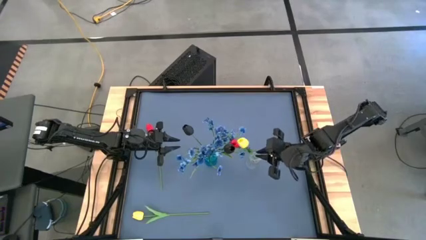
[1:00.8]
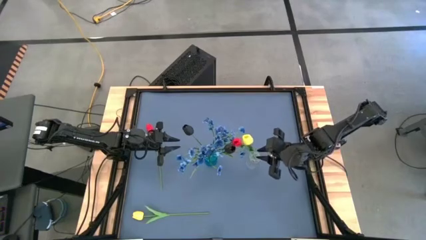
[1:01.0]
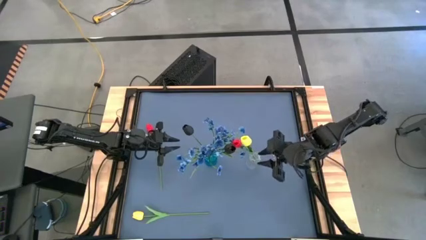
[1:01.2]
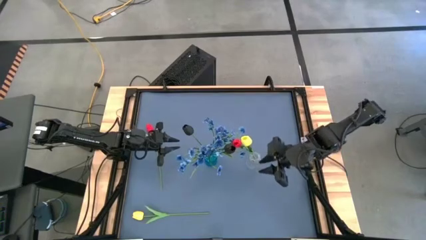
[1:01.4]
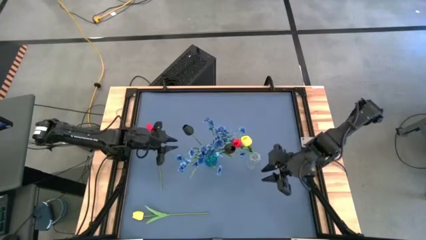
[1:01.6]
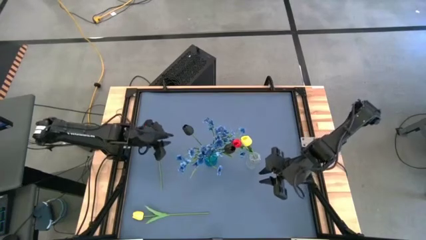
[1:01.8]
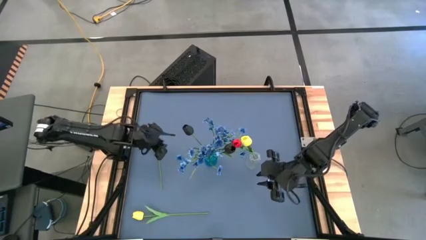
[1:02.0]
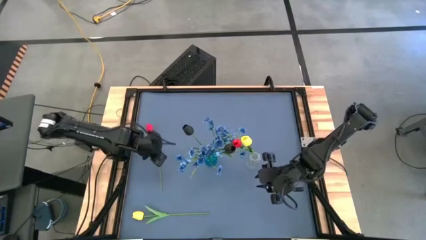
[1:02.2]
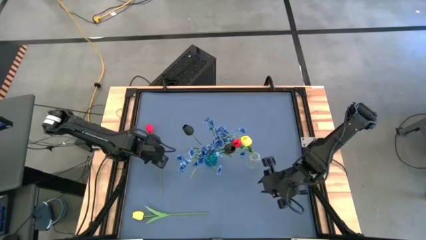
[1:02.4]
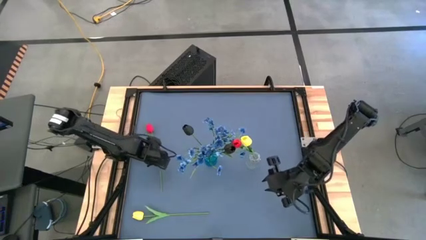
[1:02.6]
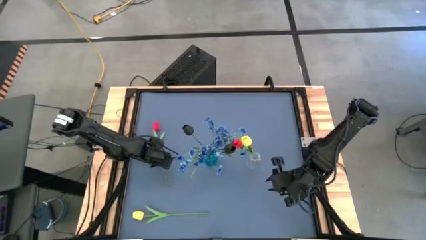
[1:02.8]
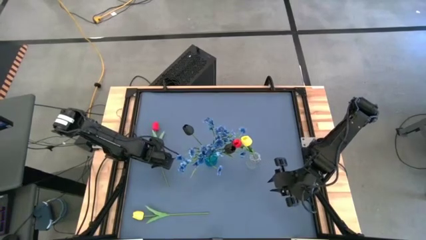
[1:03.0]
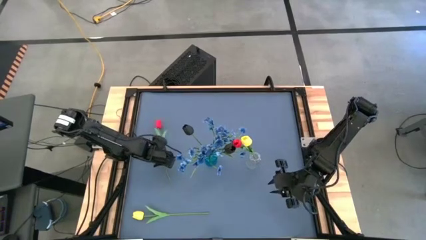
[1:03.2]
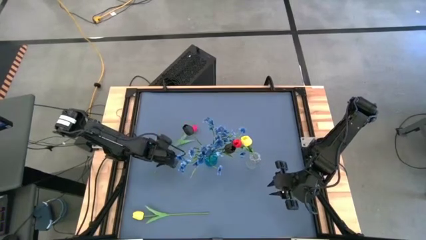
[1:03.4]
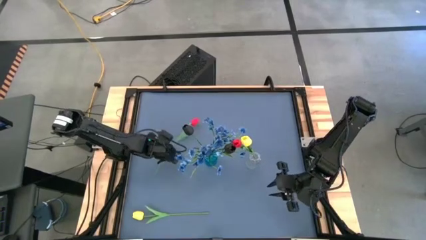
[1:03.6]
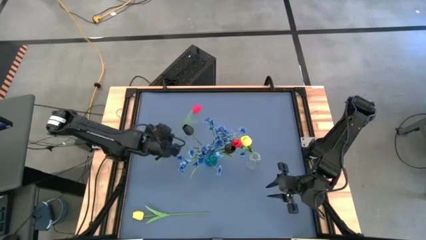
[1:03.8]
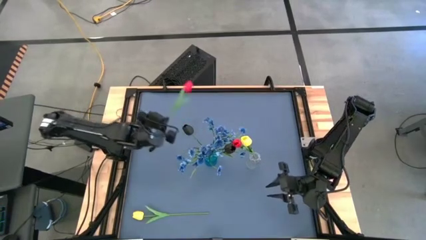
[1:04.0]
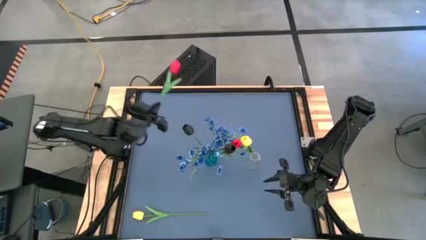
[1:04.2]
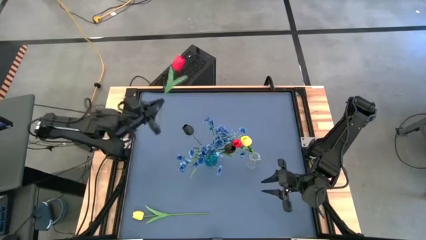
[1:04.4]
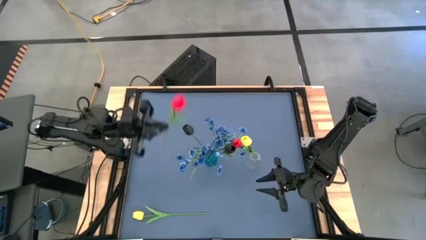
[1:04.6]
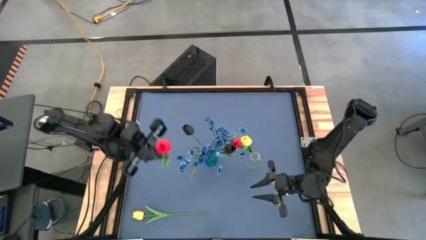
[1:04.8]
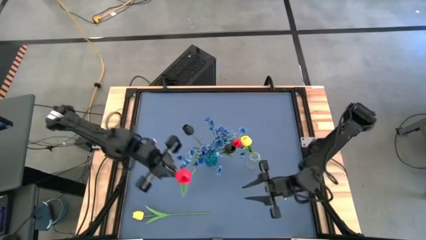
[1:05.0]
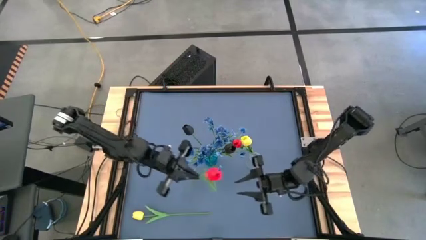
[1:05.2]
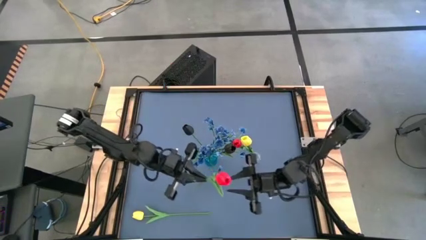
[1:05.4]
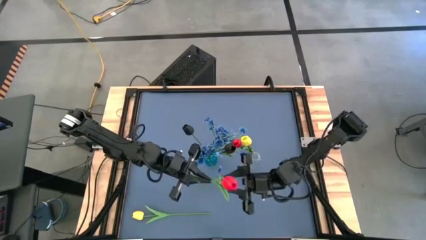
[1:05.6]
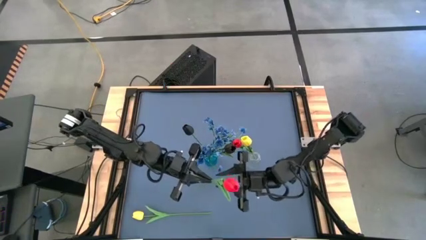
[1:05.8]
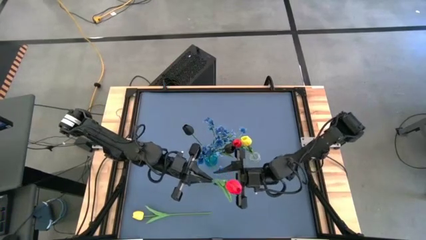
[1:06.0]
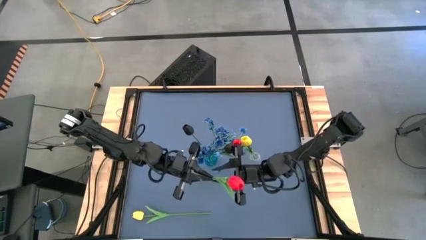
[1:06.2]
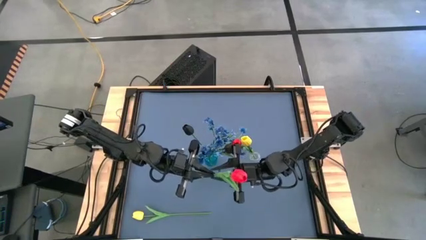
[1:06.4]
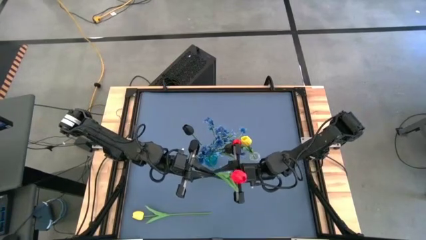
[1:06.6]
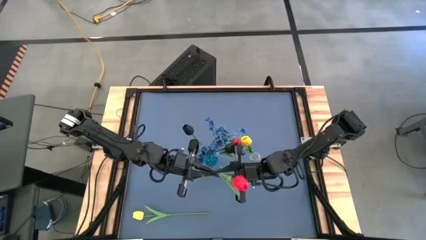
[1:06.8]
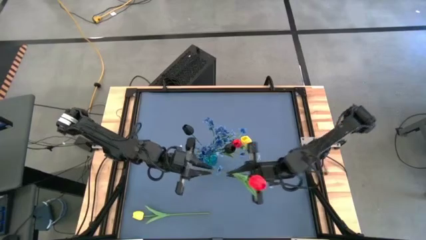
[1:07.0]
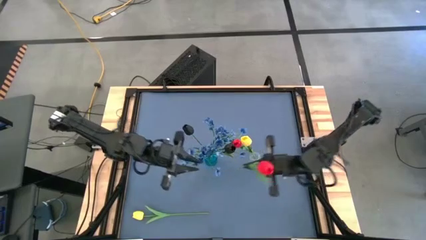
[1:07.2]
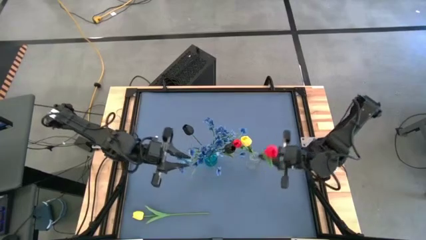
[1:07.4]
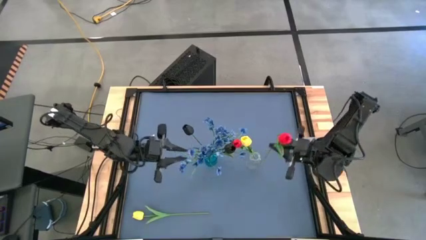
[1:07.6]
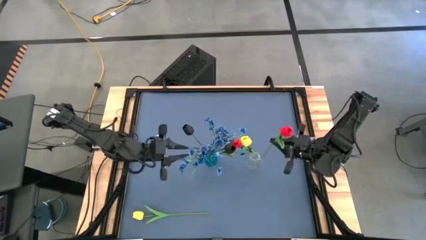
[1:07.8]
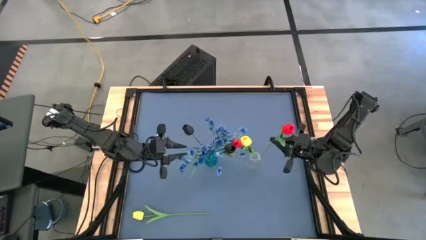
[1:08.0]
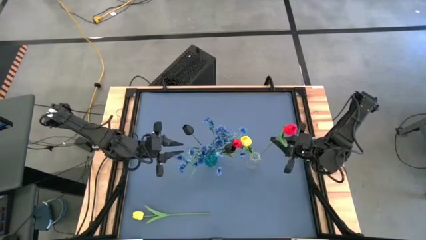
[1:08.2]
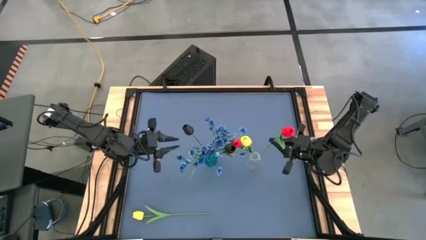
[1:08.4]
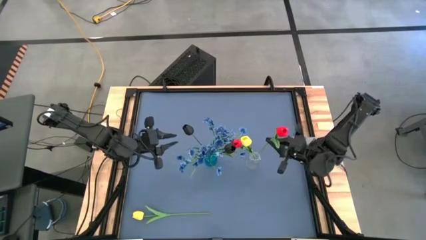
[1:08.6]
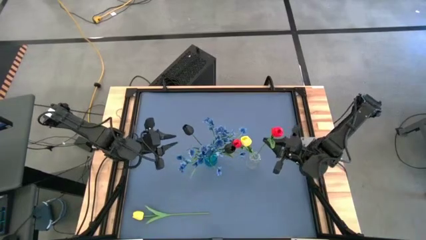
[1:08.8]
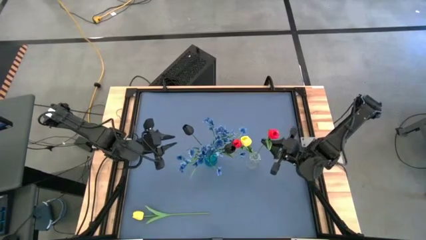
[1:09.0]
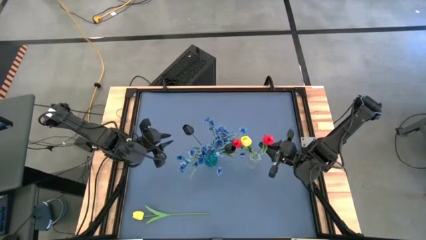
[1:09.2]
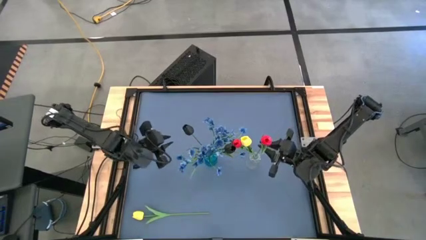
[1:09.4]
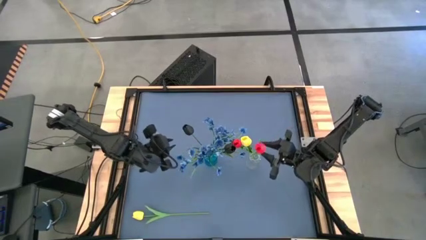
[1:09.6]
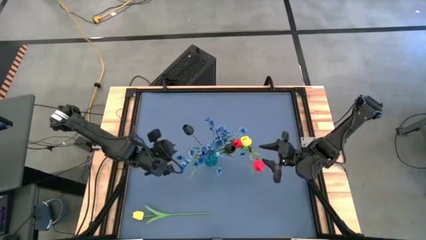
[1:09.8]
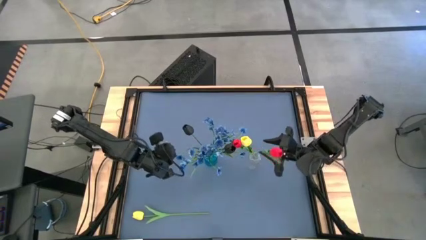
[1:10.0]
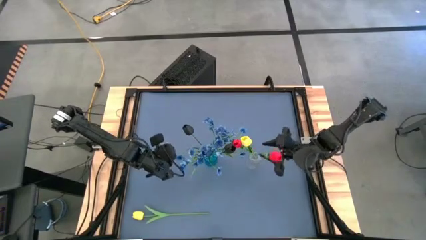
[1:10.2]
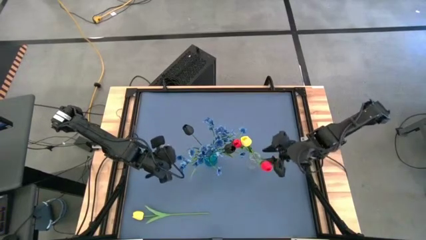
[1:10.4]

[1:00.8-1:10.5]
Put the red flower into the transparent flower vase

────────────────────────────────────────

Exercise prompt -
All of the material above should be copied exactly, minus the pictures.

Output below -
[1:00.8]
[1:01.0]
[1:01.2]
[1:01.4]
[1:01.6]
[1:01.8]
[1:02.0]
[1:02.2]
[1:02.4]
[1:02.6]
[1:02.8]
[1:03.0]
[1:03.2]
[1:03.4]
[1:03.6]
[1:03.8]
[1:04.0]
[1:04.2]
[1:04.4]
[1:04.6]
[1:04.8]
[1:05.0]
[1:05.2]
[1:05.4]
[1:05.6]
[1:05.8]
[1:06.0]
[1:06.2]
[1:06.4]
[1:06.6]
[1:06.8]
[1:07.0]
[1:07.2]
[1:07.4]
[1:07.6]
[1:07.8]
[1:08.0]
[1:08.2]
[1:08.4]
[1:08.6]
[1:08.8]
[1:09.0]
[1:09.2]
[1:09.4]
[1:09.6]
[1:09.8]
[1:10.0]
[1:10.2]
[1:10.4]

[1:00.8-1:10.5]
Put the red flower into the transparent flower vase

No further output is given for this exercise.